Altered miR expression contributes to aberrant post-transcriptional regulation of gene expression in different type of cancers,136 but their role in the pathogenesis and progression of CML from CP to BC is still largely unknown. Perrotti and colleagues137, 138 reported that microarray and Northern analysis show that expression of a discrete number of miRs is altered in an imatinib-sensitive manner in CML-BCCD34+ compared to CML-CPCD34+ progenitors and in BCR-ABL1-expressing haematopoietic cell lines.
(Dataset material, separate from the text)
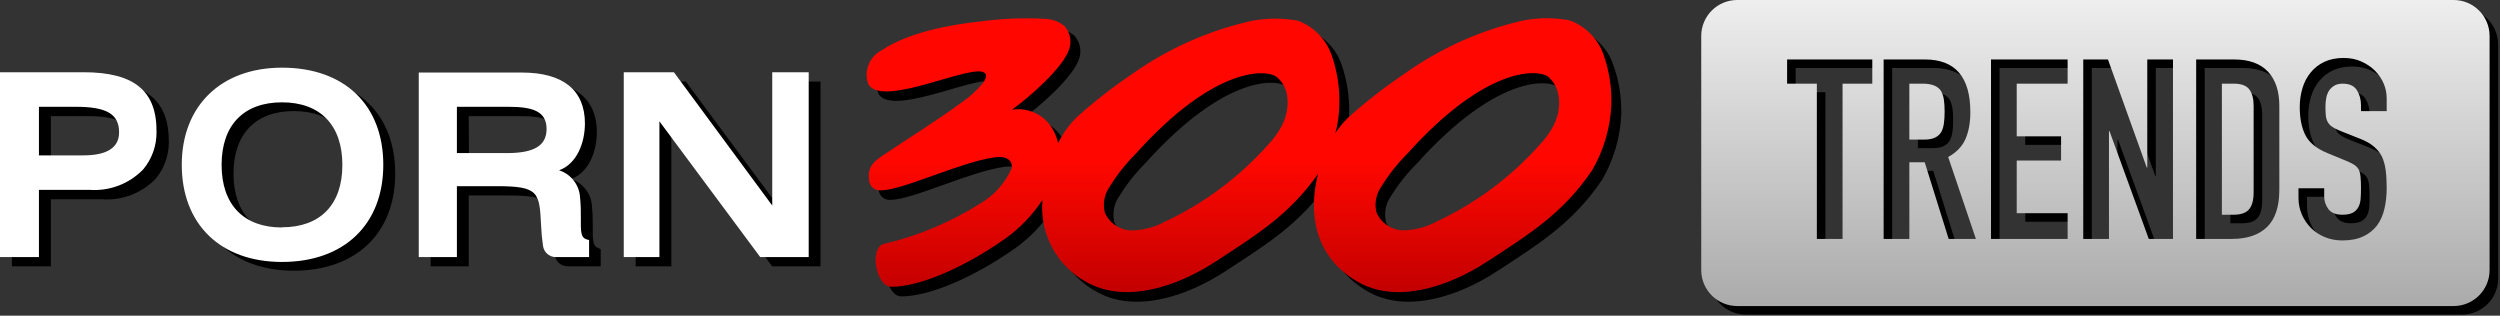 <svg height="148" viewBox="0 0 1172 148" width="1172" xmlns="http://www.w3.org/2000/svg" xmlns:xlink="http://www.w3.org/1999/xlink"><rect x="0" y="0" width="1172" height="148" fill="#333333" stroke="none"/><linearGradient id="a" x1="50%" x2="50%" y1="0%" y2="100%"><stop offset="0" stop-color="#eee"/><stop offset="1" stop-color="#979797"/></linearGradient><linearGradient id="b" x1="50%" x2="50%" y1="50%" y2="100%"><stop offset="0" stop-color="#ff0700"/><stop offset="1" stop-color="#bd0000"/></linearGradient><g fill="none" fill-rule="evenodd"><path d="m591.817 13.981c7.004-1.277 14.182-1.277 21.186 0 7.492 2.756 13.343 8.743 15.925 16.297 2.604 7.476 3.803 15.369 3.539 23.282-.07 4.468-.696 8.91-1.863 13.224 1.672-2.65 3.657-5.089 5.914-7.264 8.202-7.388 16.916-14.187 26.075-20.348 16.972-12.107 36.215-20.66 56.574-25.144 7.004-1.277 14.182-1.277 21.186 0 7.492 2.756 13.343 8.743 15.925 16.297 2.672 7.432 3.95 15.293 3.772 23.188-.44 10.839-3.525 21.405-8.987 30.778-13.829 20.627-30.871 30.825-49.124 42.791-18.253 11.967-42.279 19.743-60.16 9.871-21.326-11.827-23.84-33.153-19.184-50.987-13.596 19.51-29.754 29.148-48.007 41.115-18.253 11.967-42.279 19.743-60.16 9.871-14.206-7.468-22.513-22.759-21.047-38.74-4.588 6.985-10.41 13.076-17.182 17.973-19.044 13.457-40.137 22.769-53.641 22.769-7.31 0-10.523-18.439-3.492-20.115 15.995-3.791 31.245-10.228 45.12-19.044 6.348-3.758 11.4-9.362 14.481-16.064.838-2.468-.605-6.472-7.636-5.541-16.344 2.188-43.211 15.506-53.594 15.506-1.421.132-2.83-.345-3.878-1.313-1.048-.968-1.635-2.336-1.616-3.762-.852-6.008 2.571-8.649 6.027-10.998l.399-.27c12.432-8.381 24.865-15.971 36.971-24.865 3.822-2.59 7.242-5.728 10.151-9.313.838-1.257 1.863-3.12.838-4.33-4.703-5.494-47.262 16.157-54.339 5.401-.986-2.173-1.247-4.605-.745-6.938.715-4.038 3.308-7.495 6.984-9.313 12.479-8.242 31.011-11.78 45.865-13.41 9.98-1.365 20.067-1.786 30.126-1.257 3.379.03 6.653 1.176 9.313 3.259 2.627 2.785 3.584 6.754 2.514 10.43-2.375 8.94-19.603 23.701-27.007 28.916 6.848-1.096 13.737 1.703 17.88 7.264 1.844 2.491 3.13 5.349 3.772 8.381 2.221-4.47 5.163-8.545 8.707-12.06 8.202-7.388 16.916-14.187 26.075-20.348 16.898-12.095 36.06-20.662 56.341-25.191zm-454.037 21.838v.233c29.288 0 47.494 17.228 47.494 45.306 0 28.078-18.486 45.539-47.494 45.539-29.009 0-46.982-17.88-46.982-45.539 0-27.658 18.439-45.539 46.982-45.539zm112.45 2.282c19.324 0 29.568 8.242 29.568 23.84 0 9.173-3.818 18.998-12.106 21.978 5.564 1.805 9.46 6.827 9.825 12.665.326 3.463.367 5.679.372 8.799l.001 5.077c.093 4.936 1.537 5.448 2.84 5.914l.885.512v7.963h-15.412c-3.075.049-5.698-2.214-6.1-5.262-.456-3.087-.751-6.195-.885-9.313-.792-15.738-.931-18.625-20.86-18.625h-18.625v33.2h-17.834v-86.748zm-205.529.14c23.84 0 34.457 8.754 34.457 28.31.019 6.305-2.172 12.418-6.193 17.275-6.567 6.792-15.817 10.308-25.237 9.592h-23.887v31.43h-18.253v-86.607zm276.818 0 46.33 62.488v-62.488h16.809v86.607h-22.676l-47.262-63.605v63.605h-16.716v-86.607zm281.381 2.282c-4.377-3.539-28.636-5.541-65.887 35.9-4.707 4.701-8.848 9.936-12.339 15.599-2.494 3.544-3.311 8.002-2.235 12.2 2.243 5.039 7.242 8.287 12.758 8.288 5.408-.144 10.705-1.564 15.459-4.144 18.561-8.689 35.139-21.098 48.705-36.459 1.93-2.089 3.646-4.367 5.122-6.798 1.592-2.604 2.696-5.475 3.259-8.474h.047c1.816-11.594-4.843-16.064-4.889-16.111zm127.21.233c-4.377-3.539-28.636-5.541-65.887 35.9-4.707 4.701-8.848 9.936-12.339 15.599-2.378 3.506-3.141 7.862-2.095 11.967 2.243 5.039 7.242 8.287 12.758 8.288 5.408-.144 10.705-1.564 15.459-4.144 18.561-8.689 35.139-21.098 48.705-36.459 1.93-2.089 3.646-4.367 5.122-6.798 1.592-2.604 2.696-5.475 3.259-8.474h.047c1.816-11.594-4.843-16.064-5.029-15.878zm-592.329 11.315c-17.973 0-28.31 10.71-28.31 29.335 0 18.625 10.337 29.335 28.31 29.335v.14c17.973 0 28.31-10.849 28.31-29.474 0-18.625-10.337-29.335-28.31-29.335zm-96.479 2.375h-17.461v22.769h20.814c11.129 0 16.763-3.632 16.763-10.803 0-8.521-5.82-11.967-20.115-11.967zm202.549 0h-24.12l.14 21.698h23.282c12.851 0 18.625-3.492 18.625-11.361 0-8.568-7.171-10.337-17.927-10.337zm910.391-50.444c9.322 0 16.879 7.557 16.879 16.879v109.714c0 9.322-7.557 16.879-16.879 16.879h-335.824c-9.322 0-16.879-7.557-16.879-16.879v-109.714c0-9.322 7.557-16.879 16.879-16.879zm-51.441 27.166c-3.545 0-6.597.61-9.157 1.831-2.56 1.221-4.667 2.855-6.321 4.903-1.733 2.048-3.033 4.49-3.899 7.326-.866 2.836-1.3 5.829-1.3 8.98 0 5.278.886 9.669 2.658 13.174s5.258 6.321 10.457 8.448l8.625 3.545c1.497.63 2.698 1.221 3.604 1.772s1.634 1.26 2.186 2.127c.473.866.788 2.009.945 3.426.158 1.418.236 3.23.236 5.435 0 1.89-.059 3.604-.177 5.14-.118 1.536-.492 2.855-1.122 3.958s-1.516 1.95-2.658 2.54-2.737.886-4.785.886c-3.072 0-5.258-.886-6.558-2.658-1.3-1.772-1.95-3.761-1.95-5.967v-3.781h-12.052v4.49c0 2.836.532 5.455 1.595 7.857 1.063 2.402 2.501 4.51 4.313 6.321 1.812 1.812 3.978 3.23 6.498 4.254s5.238 1.536 8.153 1.536c3.86 0 7.129-.63 9.807-1.89 2.678-1.26 4.844-2.993 6.498-5.199 1.575-2.127 2.718-4.706 3.426-7.739.709-3.033 1.063-6.321 1.063-9.866 0-3.072-.158-5.809-.473-8.212-.315-2.402-.906-4.549-1.772-6.439-.945-1.812-2.245-3.407-3.899-4.785-1.654-1.378-3.82-2.58-6.498-3.604l-9.216-3.663c-1.575-.63-2.816-1.26-3.722-1.89s-1.595-1.378-2.068-2.245c-.473-.866-.768-1.851-.886-2.954-.118-1.103-.177-2.481-.177-4.135 0-1.418.118-2.777.354-4.076s.67-2.462 1.3-3.486c.63-.945 1.457-1.733 2.481-2.363 1.024-.63 2.363-.945 4.017-.945 3.072 0 5.258 1.004 6.558 3.013 1.3 2.009 1.95 4.391 1.95 7.148v2.718h12.052v-5.908c0-4.884-1.812-9.216-5.435-12.997-1.812-1.812-3.958-3.269-6.439-4.372-2.481-1.103-5.218-1.654-8.212-1.654zm-221.066.709h-39.936v11.343h13.942v72.783h12.052v-72.783h13.942zm24.694 0h-19.377v84.126h12.052v-35.919h7.207l11.225 35.919h12.761l-12.997-38.4c3.86-2.127 6.558-4.923 8.094-8.389 1.536-3.466 2.304-7.68 2.304-12.642 0-16.463-7.089-24.694-21.268-24.694zm66.875 0h-35.919v84.126h35.919v-12.052h-23.867v-24.694h20.795v-11.343h-20.795v-24.694h23.867zm18.905 0h-11.579v84.126h12.052v-50.57h.236l18.432 50.57h11.343v-84.126h-12.052v50.688h-.236zm59.195 0h-17.841v84.126h16.778c7.168 0 12.662-1.871 16.482-5.612 3.82-3.742 5.73-9.551 5.73-17.428v-39.345c0-6.932-1.792-12.288-5.376-16.069-3.584-3.781-8.842-5.671-15.774-5.671zm-.236 11.343c3.545 0 5.986.906 7.326 2.718 1.339 1.812 2.009 4.372 2.009 7.68v40.527c0 3.623-.709 6.282-2.127 7.975-1.418 1.694-3.82 2.54-7.207 2.54h-5.553v-61.44zm-145.802 0c4.175 0 7.01 1.103 8.507 3.308.709 1.182 1.182 2.58 1.418 4.194s.354 3.486.354 5.612-.118 3.998-.354 5.612-.67 2.974-1.3 4.076c-.709 1.103-1.694 1.95-2.954 2.54s-2.954.886-5.081.886h-6.853v-26.23z" fill="#000" fill-rule="nonzero"/><path d="m352.703 0c9.322 0 16.879 7.557 16.879 16.879v109.714c0 9.322-7.557 16.879-16.879 16.879h-335.824c-9.322 0-16.879-7.557-16.879-16.879v-109.714c0-9.322 7.557-16.879 16.879-16.879zm-51.441 27.166c-3.545 0-6.597.61-9.157 1.831s-4.667 2.855-6.321 4.903c-1.733 2.048-3.033 4.49-3.899 7.326-.866 2.836-1.3 5.829-1.3 8.98 0 5.278.886 9.669 2.658 13.174 1.772 3.505 5.258 6.321 10.457 8.448l8.625 3.545c1.497.63 2.698 1.221 3.604 1.772s1.634 1.26 2.186 2.127c.473.866.788 2.009.945 3.426.158 1.418.236 3.23.236 5.435 0 1.89-.059 3.604-.177 5.14s-.492 2.855-1.122 3.958c-.63 1.103-1.516 1.95-2.658 2.54-1.142.591-2.737.886-4.785.886-3.072 0-5.258-.886-6.558-2.658-1.3-1.772-1.95-3.761-1.95-5.967v-3.781h-12.052v4.49c0 2.836.532 5.455 1.595 7.857 1.063 2.402 2.501 4.51 4.313 6.321 1.812 1.812 3.978 3.23 6.498 4.254s5.238 1.536 8.153 1.536c3.86 0 7.129-.63 9.807-1.89 2.678-1.26 4.844-2.993 6.498-5.199 1.575-2.127 2.718-4.706 3.426-7.739.709-3.033 1.063-6.321 1.063-9.866 0-3.072-.158-5.809-.473-8.212-.315-2.402-.906-4.549-1.772-6.439-.945-1.812-2.245-3.407-3.899-4.785-1.654-1.378-3.82-2.58-6.498-3.604l-9.216-3.663c-1.575-.63-2.816-1.26-3.722-1.89-.906-.63-1.595-1.378-2.068-2.245s-.768-1.851-.886-2.954c-.118-1.103-.177-2.481-.177-4.135 0-1.418.118-2.777.354-4.076s.67-2.462 1.3-3.486c.63-.945 1.457-1.733 2.481-2.363s2.363-.945 4.017-.945c3.072 0 5.258 1.004 6.558 3.013 1.3 2.009 1.95 4.391 1.95 7.148v2.718h12.052v-5.908c0-4.884-1.812-9.216-5.435-12.997-1.812-1.812-3.958-3.269-6.439-4.372-2.481-1.103-5.218-1.654-8.212-1.654zm-221.066.709h-39.936v11.343h13.942v72.783h12.052v-72.783h13.942zm24.694 0h-19.377v84.126h12.052v-35.919h7.207l11.225 35.919h12.761l-12.997-38.4c3.86-2.127 6.558-4.923 8.094-8.389 1.536-3.466 2.304-7.68 2.304-12.642 0-16.463-7.089-24.694-21.268-24.694zm66.875 0h-35.919v84.126h35.919v-12.052h-23.867v-24.694h20.795v-11.343h-20.795v-24.694h23.867zm18.905 0h-11.579v84.126h12.052v-50.57h.236l18.432 50.57h11.343v-84.126h-12.052v50.688h-.236zm59.195 0h-17.841v84.126h16.778c7.168 0 12.662-1.871 16.482-5.612s5.73-9.551 5.73-17.428v-39.345c0-6.932-1.792-12.288-5.376-16.069-3.584-3.781-8.842-5.671-15.774-5.671zm-.236 11.343c3.545 0 5.986.906 7.326 2.718 1.339 1.812 2.009 4.372 2.009 7.68v40.527c0 3.623-.709 6.282-2.127 7.975-1.418 1.694-3.82 2.54-7.207 2.54h-5.553v-61.44zm-145.802 0c4.175 0 7.01 1.103 8.507 3.308.709 1.182 1.182 2.58 1.418 4.194.236 1.615.354 3.486.354 5.612s-.118 3.998-.354 5.612c-.236 1.615-.67 2.974-1.3 4.076-.709 1.103-1.694 1.95-2.954 2.54s-2.954.886-5.081.886h-6.853v-26.23z" fill="url(#a)" transform="translate(797.538)"/><g fill-rule="nonzero" transform="translate(0 8.44)"><path d="m39.113 25.423h-39.113v86.654h18.253v-31.523h23.654c9.42.716 18.67-2.8 25.237-9.592 4.048-4.863 6.257-10.994 6.239-17.321.233-19.51-10.43-28.217-34.27-28.217zm-20.86 16.204h17.461c14.295 0 20.115 3.446 20.115 11.967 0 7.171-5.634 10.803-16.763 10.803h-20.814zm113.94-18.346c-28.543 0-46.982 17.88-46.982 45.539 0 27.658 17.973 45.539 46.982 45.539 29.009 0 47.494-17.461 47.494-45.539 0-28.078-18.206-45.539-47.494-45.539zm0 74.92c-17.973 0-28.31-10.71-28.31-29.335 0-18.625 10.337-29.335 28.31-29.335 17.973 0 28.31 10.71 28.31 29.335 0 18.625-10.337 29.242-28.31 29.242zm142.949 5.634c-1.304-.466-2.747-.978-2.84-5.914v-3.678c0-3.911 0-6.239-.373-10.197-.365-5.838-4.261-10.86-9.825-12.665 8.288-2.98 12.106-12.805 12.106-21.978 0-15.599-10.244-23.84-29.568-23.84h-48.332v86.514h17.88v-33.246h18.625c19.929 0 20.069 2.887 20.86 18.625.133 3.117.429 6.226.885 9.313.383 3.103 3.067 5.404 6.193 5.308h15.412v-8.009zm-60.951-62.208h24.12c10.756 0 17.927 1.769 17.927 10.337 0 7.869-5.774 11.361-18.625 11.361h-23.421zm164.926-16.204v86.654h-22.723l-47.262-63.652v63.652h-16.716v-86.654h23.514l46.097 62.488v-62.488z" fill="#fff"/><path d="m751.808 17.368c-2.622-7.594-8.547-13.588-16.111-16.297-7.004-1.277-14.182-1.277-21.186 0-20.361 4.561-39.589 13.193-56.528 25.377-9.16 6.161-17.873 12.961-26.075 20.348-2.256 2.175-4.242 4.614-5.914 7.264 1.166-4.314 1.792-8.756 1.863-13.224.265-7.912-.935-15.805-3.539-23.282-2.582-7.554-8.432-13.541-15.925-16.297-7.004-1.277-14.182-1.277-21.186 0-20.28 4.452-39.457 12.939-56.388 24.958-9.16 6.161-17.873 12.961-26.075 20.348-3.544 3.515-6.486 7.589-8.707 12.06-.642-3.032-1.928-5.89-3.772-8.381-4.143-5.561-11.033-8.36-17.88-7.264 7.404-5.215 24.632-19.976 27.007-28.916 1.07-3.677.113-7.645-2.514-10.43-2.66-2.084-5.934-3.23-9.313-3.259-10.059-.528-20.146-.107-30.126 1.257-14.9 1.63-33.479 5.169-45.958 13.41-3.676 1.817-6.269 5.275-6.984 9.313-.502 2.333-.241 4.765.745 6.938 7.171 10.989 49.869-10.896 54.572-5.355 1.024 1.211 0 3.073-.838 4.33-2.909 3.585-6.329 6.722-10.151 9.313-12.106 8.894-24.539 16.483-36.971 24.865-3.585 2.421-7.31 5.029-6.426 11.268-.019 1.427.568 2.794 1.616 3.762 1.048.968 2.458 1.445 3.878 1.313 10.384 0 37.25-13.317 53.594-15.506 7.031-.931 8.474 3.073 7.636 5.541-3.081 6.703-8.133 12.307-14.481 16.064-13.92 8.814-29.218 15.236-45.259 18.998-7.031 1.676-3.818 20.115 3.492 20.115 13.503 0 34.596-9.313 53.641-22.769 6.772-4.897 12.594-10.988 17.182-17.973-1.466 15.982 6.841 31.273 21.047 38.74 17.88 9.871 41.907 2.095 60.16-9.871 18.253-11.967 34.41-21.605 48.007-41.115-4.656 17.834-2.142 39.16 19.184 50.987 17.88 9.871 41.907 2.095 60.16-9.871 18.253-11.967 35.295-22.164 49.124-42.791 5.461-9.373 8.547-19.939 8.987-30.778.238-7.884-.977-15.745-3.585-23.188zm-148.536 26.308c-.563 2.999-1.668 5.871-3.259 8.474-1.476 2.431-3.192 4.709-5.122 6.798-13.562 15.377-30.14 27.803-48.705 36.505-4.754 2.58-10.051 4-15.459 4.144-5.516-.001-10.515-3.249-12.758-8.288-1.076-4.198-.259-8.656 2.235-12.2 3.491-5.662 7.633-10.897 12.339-15.599 37.25-41.441 61.51-39.439 65.887-35.9 0 0 6.891 4.517 4.843 16.064zm127.35 0c-.563 2.999-1.668 5.871-3.259 8.474-1.476 2.431-3.192 4.709-5.122 6.798-13.566 15.361-30.144 27.77-48.705 36.459-4.754 2.58-10.051 4-15.459 4.144-5.516-.001-10.515-3.249-12.758-8.288-1.076-4.198-.259-8.656 2.235-12.2 3.491-5.662 7.633-10.897 12.339-15.599 37.25-41.441 61.51-39.439 65.887-35.9 0 .047 6.659 4.563 4.843 16.111z" fill="url(#b)"/></g></g></svg>

Interestingly, the same group also showed that the downregulation of some of these miRs is likely important for blastic transformation, as their expression directly interferes with the activity of BCR-ABL1-regulated RNA-binding proteins, which translationally inhibit myeloid differentiation in BC CML by suppressing expression of the C/EBPalpha transcription factor.129, 137 These data not only reinforce the importance of BCR-ABL1 in the post-transcriptional control of gene expression,139 but also suggest a new function for miRNAs as functional regulators of RNA-binding proteins involved in the control of malignant cell growth, survival and differentiation. A group from Madrid has reported very recently that a 7-Mb fragile site on chromosome 14q32, which includes miR-203, is deleted in some haematologic malignancies and inactivated by hypermethylation in others.140 miR-203 controls the expression levels of ABL1 and also of BCR-ABL1, so its functional absence is associated with increased levels of BCR-ABL1 expression in CML. Re-expression of miR-203 reduces proliferation of BCR-ABL1-dependent tumour cells. They conclude that miR-203 functions as a tumour suppressor gene; when it is deleted or silenced, induced re-expression might be of therapeutic benefit in some cases.

Genomic arrays

Array comparative genomic hybridization (CGH) can detect amplifications and deletions, some of which may be associated with cryptic fusion genes. However, using custom-designed tiling arrays that target the tyrosine kinome, no novel recurrent tyrosine kinase fusion genes have been identified thus far in BCR-ABL1-negative MPDs. In CML, genome-wide array CGH has identified several copy-number changes that appear to be associated with disease progression.141

Single nucleotide polymorphism arrays are an alternative technique for detecting copy-number changes but can also identify acquired uniparental disomy, thought to mark the presence of an activated oncogene or inactivated tumour suppressor gene. It has emerged that large tracts of acquired uniparental disomy are common in atypical CMDs with several different chromosomes being affected, indicating substantial genetic heterogeneity in these diseases. Recurrent abnormalities of chromosomes 7 and 11 are particularly prominent and characterization of the 11q locus has identified a number of different transforming mutations that impact on intracellular signalling pathways (NCP Cross, unpublished data). In contrast to atypical CMDs, acquired uniparental disomy is uncommon in V617F-negative classical CMDs and also CML in transformation. High-density single nucleotide polymorphism arrays have recently pinpointed deletions of the Ikaros gene as a critical event in lymphoid transformation of CML as well a Ph chromosome-positive ALL.142

Other approaches

High-throughput sequencing or mutation scanning is becoming more widely applied as the cost of sequencing falls and was one of the routes by which JAK2-V617F was identified, as well as the finding of MPL515 mutations.143 However, it has become apparent that the majority of sequence changes identified by sequencing are in fact unimportant 'passenger' mutations that happened to be present in a cell that acquired other oncogenic changes. Identification of the relatively small number of pathogenetic 'driver' mutations requires functional proof of their activity. Other possible techniques include proteomic analysis to detect aberrantly tyrosine phosphorylated proteins,144 and systematic short hairpin RNA screens that may be used to individually knock down the expression of target genes, for example, the tyrosine kinome.145 These combined approaches are likely to make significant inroads into our understanding of the basic pathogenesis of CMDs in the next 1–2 years.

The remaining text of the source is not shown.